I didn’t believe that, but was I supposed to correct a priest? “What we’ve done isn’t…right.”

“There is no sin in a friendship with a priest.”

“Is it a friendship?”

“I hope it is. Do you regret this past month within our parish?”

Yes?

No.

It was hard enough uprooting my life and transferring colleges. I left most of my credits behind to return home and help Mom, but things were so different now. Even the church, the one constant force from my childhood, had changed. St. Cecilia’s was served by a new priest, Father Raphael St. Lucian, and he was nothing like the old, grey, half-deaf Father Falconi who had tended our flock for the past thirty years.

It was once so easy to take comfort in the warmth of the church.

Now, it was far easier to find that comfort with Father Raphael.

I started again, trying to justify the unforgivable to myself. “Father, I respect the Catholic faith.”

This amused him. “As do I.”

“I follow the tenants.”

“And I live my life by them.”

“Then you understand why this has to stop, Father.”

Father Raphael remained silent, unmoving. Almost otherworldly. He was a confident man, without flinching or awkwardness. It was like he mimicked the statues of the saints crafted in solid marble throughout the parish grounds. He didn’t fidget or duck his head unless it was a bow before the crucifix or altar. And he never averted his gaze from anyone. Even through the screen, I shuddered under the weight of his stare.
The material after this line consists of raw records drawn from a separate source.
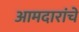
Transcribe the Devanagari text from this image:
आमदारांचे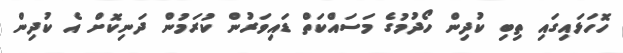
ހޮހަޅައިގައި ތިބި ކުދިން ހޯދުމުގެ މަސައްކަތް ޑައިވަރުން ކުރަމުން ދަނިކޮށް އެ ކުދިން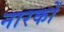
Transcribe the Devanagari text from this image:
नारकों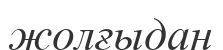
жолғыдан
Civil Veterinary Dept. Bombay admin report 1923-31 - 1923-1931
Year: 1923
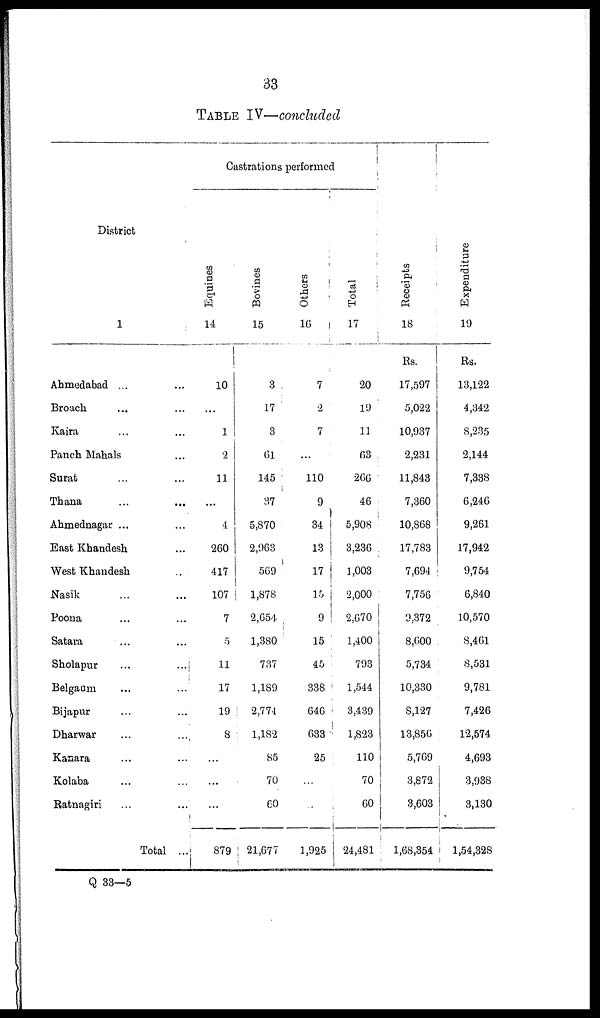
33
TABLE IV—concluded
District
1
Ahmedabad ... ...
Broach ... ...
Kaira ... ...
Panch Mahals ...
Surat ... ...
Thana ... ...
Ahmednagar ... ...
East Khandesh ...
West Khandesh ...
Nasik ... ...
Poona ... ...
Satara ... ...
Sholapur
...
...
Belgaum ... ...
Bijapur ... ...
Dharwar ... ...
Kanara ... ...
Kolaba ... ...
Ratnagiri ... ...
Total ...
Castrations performed
Equines
14
10
...
1
2
11
...
4
260
417
107
7
5
11
17
19
8
...
...
...
879
Bovines
15
3
17
3
61
145
37
5,870
2,963
569
1,878
2,654
1,380
737
1,189
2,774
1,182
85
70
60
21,677
Others
16
7
2
7
...
110
9
34
13
17
15
9
15
45
338
646
633
25
...
...
1,925
Total
17
20
19
11
63
266
46
5,908
3,236
1,003
2,000
2,670
1,400
793
1,544
3,439
1,823
110
70
60
24,481
Recei pt s
18
Rs.
17,597
5,022
10,937
2,231
11,843
7,360
10,868
17,783
7,694
7,756
9,372
8,600
5,734
10,330
8,127
13,856
5,769
3,872
3,603
1,68,354
Expenditure
19
Rs.
13,122
4,342
8,235
2,144
7,338
6,246
9,261
17,942
9,754
6,840
10,570
8,461
8,531
9,781
7,426
12,574
4,693
3,938
3,130
1,54,328
Q 33—5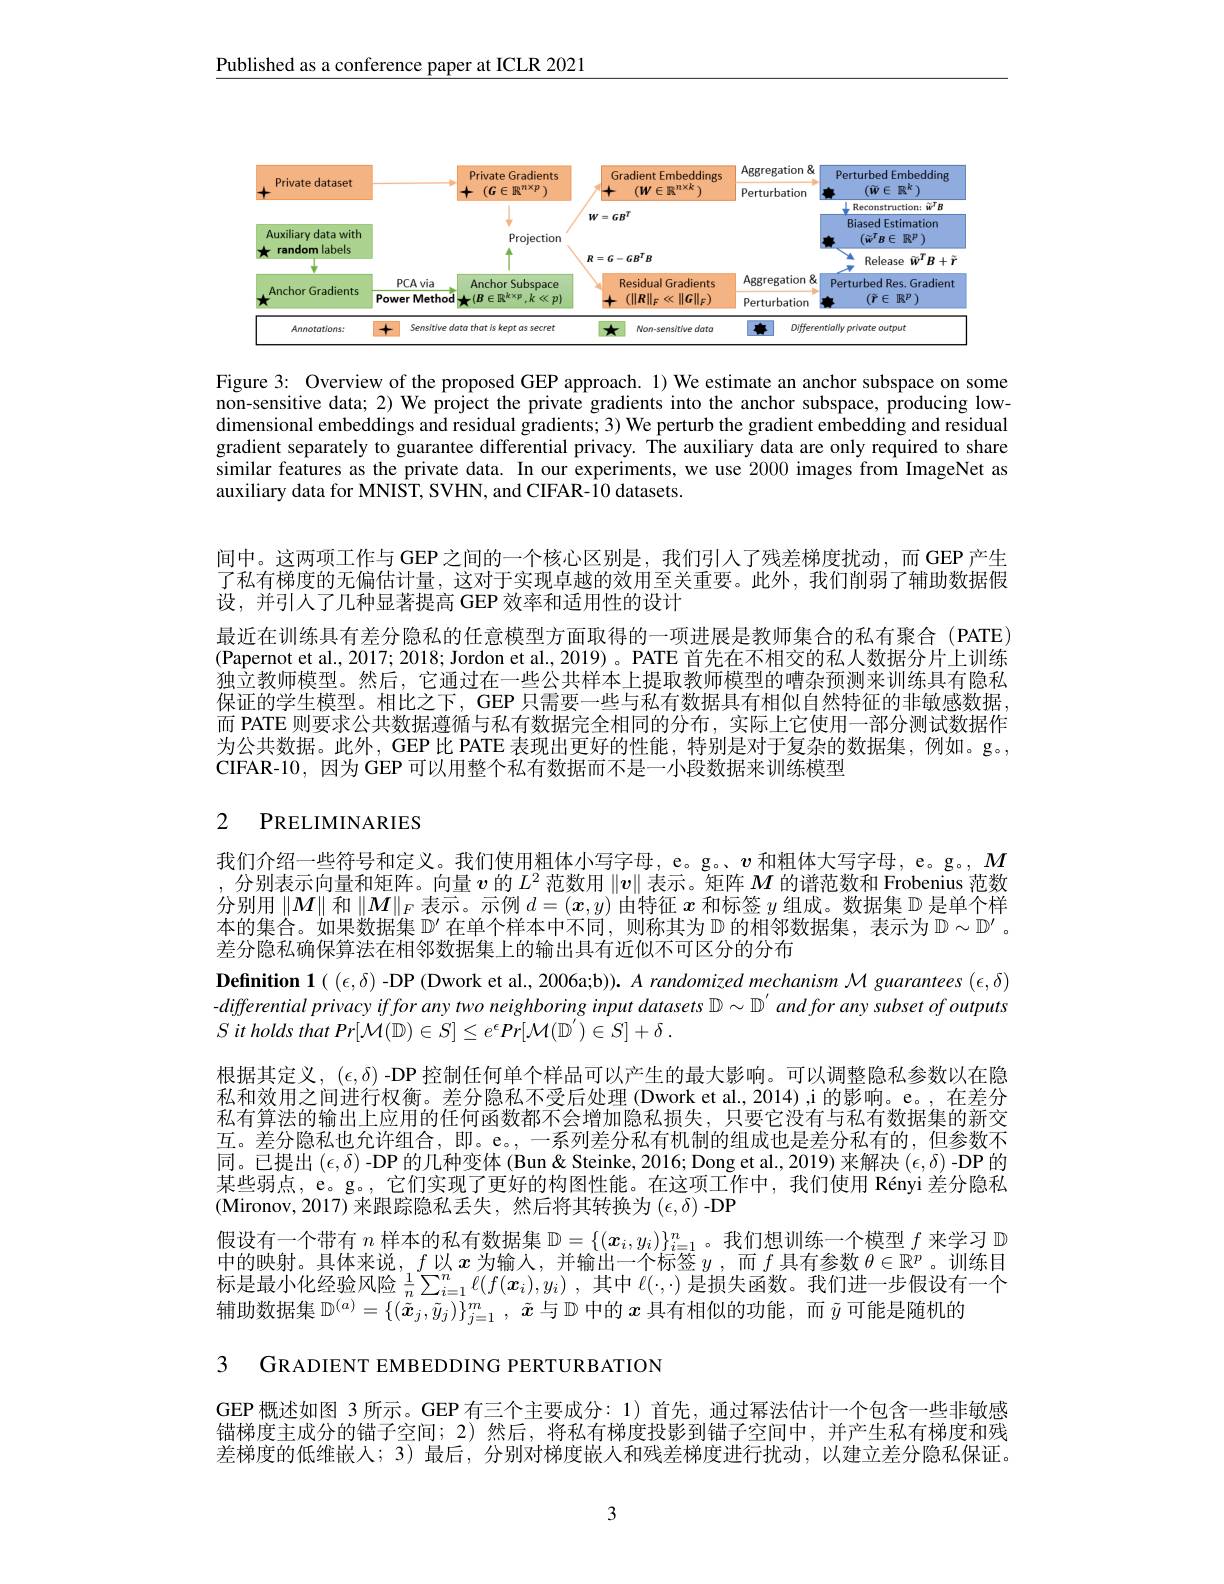
Published as a conference paper at ICLR 2021

<FigureHere>

Figure 3: Overview of the proposed GEP approach. 1) We estimate an anchor subspace on some non-sensitive data; 2) We project the private gradients into the anchor subspace, producing lowdimensional embeddings and residual gradients; 3) We perturb the gradient embedding and residual gradient separately to guarantee differential privacy. The auxiliary data are only required to share similar features as the private data. In our experiments, we use 2000 images from ImageNet as auxiliary data for MNIST, SVHN, and CIFAR-10 datasets.

间中。这两项工作与 GEP 之间的一个核心区别是，我们引人了残差梯度扰动，而 GEP 产生了私有梯度的无偏估计量，这对于实现卓越的效用至关重要。此外，我们削弱了辅助数据假设，并引人了几种显著提高 GEP 效率和适用性的设计
最近在训练具有差分隐私的任意模型方面取得的一项进展是教师集合的私有聚合(PATE) (Papernot et al., 2017; 2018; Jordon et al., 2019)。PATE 首先在不相交的私人数据分片上训练独立教师模型。然后，它通过在一些公共样本上提取教师模型的嘈杂预测来训练具有隐私保证的学生模型。相比之下，GEP 只需要一些与私有数据具有相似自然特征的非敏感数据， 而 PATE 则要求公共数据遵循与私有数据完全相同的分布，实际上它使用一部分测试数据作为公共数据。此外，GEP 比 PATE 表现出更好的性能，特别是对于复杂的数据集，例如。g。, CIFAR-10,因为 GEP 可以用整个私有数据而不是一小段数据来训练模型

# 2 PRELIMINARIES

我们介绍一些符号和定义。我们使用粗体小写字母，e。g。$v$和粗体大写字母，e。g。$M$ ,分别表示向量和矩阵。向量$v$的$L^2$范数用$\|v\|$表示。矩阵$M$的谱范数和 Frobenius 范数分别用$\left\|M\right\|$和$\left\|M\right\|_F$表示。示例$d=(\boldsymbol{x},y)$由特征$\boldsymbol{x}$和标签$y$组成。数据集$\mathbb{D}$是单个样本的集合。如果数据集$\mathbb{D}^{\prime}$在单个样本中不同，则称其为$\mathbb{D}$的相邻数据集，表示为$\mathbb{D}\sim\mathbb{D}^{\prime}$ 。差分隐私确保算法在相邻数据集上的输出具有近似不可区分的分布

Definition $\mathbf{1}((\epsilon,\delta)$ -DP (Dwork et al., 2006a;b)). A randomized mechanism M guarantees $(\epsilon,\delta)$ -differential privacy iffor any two neighboring input datasets D $\sim\mathbb{D}^\prime andfor$ any subset of outputs $S$ it holds that Pr$[ \mathcal{M} ( \mathbb{D} ) \in S] \leq e^\epsilon Pr[ \mathcal{M} ( \mathbb{D} ^{\prime }) \in S] + \delta$ .

根据其定义，$(\epsilon,\delta)$ -DP 控制任何单个样品可以产生的最大影响。可以调整隐私参数以在隐私和效用之间进行权衡。差分隐私不受后处理(Dwork et al., 2014),i 的影响。e。, 在差分私有算法的输出上应用的任何函数都不会增加隐私损失，只要它没有与私有数据集的新交互。差分隐私也允许组合，即。e。,一系列差分私有机制的组成也是差分私有的，但参数不同。已提出$(\epsilon,\delta)$ -DP 的几种变体 (Bun& Steinke, 2016; Dong et al., 2019) 来解决$(\epsilon,\delta)$ -DP 的某些弱点，e。g。,它们实现了更好的构图性能。在这项工作中，我们使用 Rényi 差分隐私(Mironov,2017)来跟踪隐私丢失，然后将其转换为$(\epsilon,\delta)$-DP
假设有一个带有$n$样本的私有数据集$\mathbb{D}=\{(\boldsymbol{x}_i,y_i)\}_{i=1}^n$。我们想训练一个模型$f$来学习$\mathbb{D}$ 中的映射。具体来说，$f$以 $x$ 为输入，并输出一个标签$y$ , 而 $f$ 具有参数 $\theta\in\mathbb{R}^p$。训练目标是最小化经验风险$\frac 1n\sum _{i= 1}^n\ell ( f( \boldsymbol{x}_i) , y_i)$ ,其中$\ell(\cdot,\cdot)$是损失函数。我们进一步假设有一个辅助数据集$\mathbb{D}^(a)=\{(\tilde{x}_j,\tilde{y}_j)\}_{j=1}^m,\tilde{x}$与$\mathbb{D}$中的$x$具有相似的功能，而$\tilde{y}$可能是随机的

3 GRADIENT EMBEDDING PERTURBATION

GEP 概述如图 3 所示。GEP 有三个主要成分：1) 首先，通过幂法估计一个包含一些非敏感锚梯度主成分的锚子空间；2)然后，将私有梯度投影到锚子空间中，并产生私有梯度和残差梯度的低维嵌人；3)最后，分别对梯度嵌人和残差梯度进行扰动，以建立差分隐私保证。

3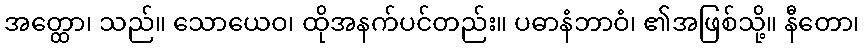
အတ္ထော၊ သည်။ သောယေဝ၊ ထိုအနက်ပင်တည်း။ ပဓာနံဘာဝံ၊ ၏အဖြစ်သို့။ နီတော၊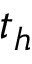
t _ { h }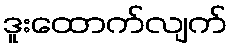
ဒူးထောက်လျက်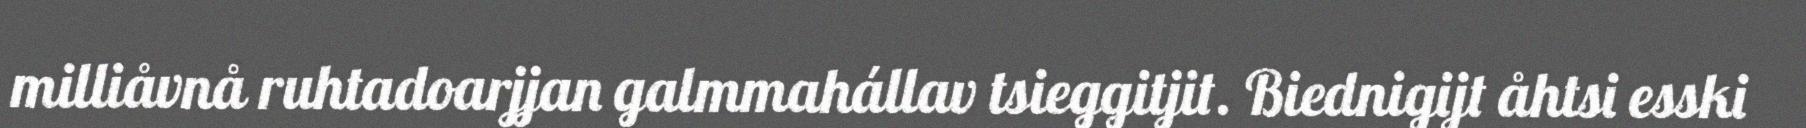
milliåvnå ruhtadoarjjan galmmahállav tsieggitjit. Biednigijt åhtsi esski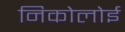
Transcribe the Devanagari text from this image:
निकोलोई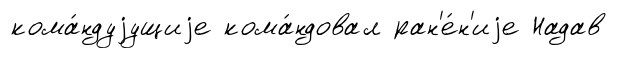
кома́ндуjущиjе кома́ндовал ран'е́н'иjе Надав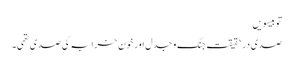
تو بیسویں
صدی در حقیقت جنگ و جدل اور خون خرابہ کی صدی تھی۔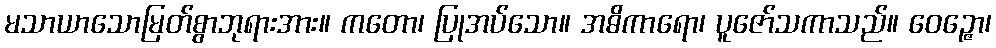
မသာယာသောမြတ်စွာဘုရားအား။ ကတော၊ ပြုအပ်သော။ အဓိကာရော၊ ပူဇော်သကာသည်။ ဝေဉ္ဇော၊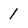
Character: 1

Maybe I was imagining things. Maybe I read too much into the conversations we had and the times me met within a quiet, empty church.

But could I risk my soul?

“I should go,” I whispered. “I don’t know what to say.”

“Prayer is from the heart, Honor.”

“Not this prayer. I’ve already taken too much of your time—”

“You will stay, and I will hear your confession. Time with you is not wasted.”